In fact, the technology that makes this possible has had a magical effect on Cathexis Innovations, the small St. John's-based firm that developed this system. Founded in 2001 by four young engineers who were building robots at Memorial University of Newfoundland, by the end of 2006 they had signed a $3 million agreement with the organization handling post-secondary education in the United Arab Emirates.
The key to this success has been the company's core product, ID Blue. Featuring a fat stylus that looks much like an overgrown pen, this system reads data contained on radio frequency identification (RFID) transponders, each consisting of a small antenna and a chip for storing data. You need only point this hand-held reader at one of these RFID tags, and the information contained on it is immediately available.

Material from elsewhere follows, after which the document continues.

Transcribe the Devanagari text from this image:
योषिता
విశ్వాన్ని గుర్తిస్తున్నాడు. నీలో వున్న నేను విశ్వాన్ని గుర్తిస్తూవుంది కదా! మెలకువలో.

The implications of this seemingly simple device are profound. Information collected quickly and accurately in the field — in offices, warehouses, or anywhere else — can be wirelessly relayed back to an organization's computer database, providing up-to-the-minute inventories of an organization's assets.

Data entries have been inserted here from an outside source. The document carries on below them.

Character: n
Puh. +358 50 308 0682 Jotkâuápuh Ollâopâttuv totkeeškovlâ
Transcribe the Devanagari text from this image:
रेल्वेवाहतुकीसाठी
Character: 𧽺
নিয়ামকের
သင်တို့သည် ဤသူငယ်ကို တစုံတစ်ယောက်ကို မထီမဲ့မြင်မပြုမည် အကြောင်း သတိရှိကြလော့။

That has proven to be especially valuable to Cathexis clients such as Newfoundland and Labrador Forest Services, which has millions of dollars worth of fire-fighting equipment spread out across the province at any given time. When managers begin to assess their ability to devote resources the next fire ravaging the forest, they can quickly take stock of those resources by checking their electronic database and ensuring they have enough to take on the job.
The development of ID Blue was augmented by the National Research Council Canada Industrial Research Assistance Program (NRC-IRAP), which provides a range of both technical and business oriented advisory services along with potential financial support to growth-oriented small and medium-sized Canadian enterprises. Delivered by an extensive integrated network of Industrial Technology Advisors (ITAs) — a group of some 260 professionals in 100 communities across the country — NRC-IRAP supports innovative research, development, and commercialization of new products and services.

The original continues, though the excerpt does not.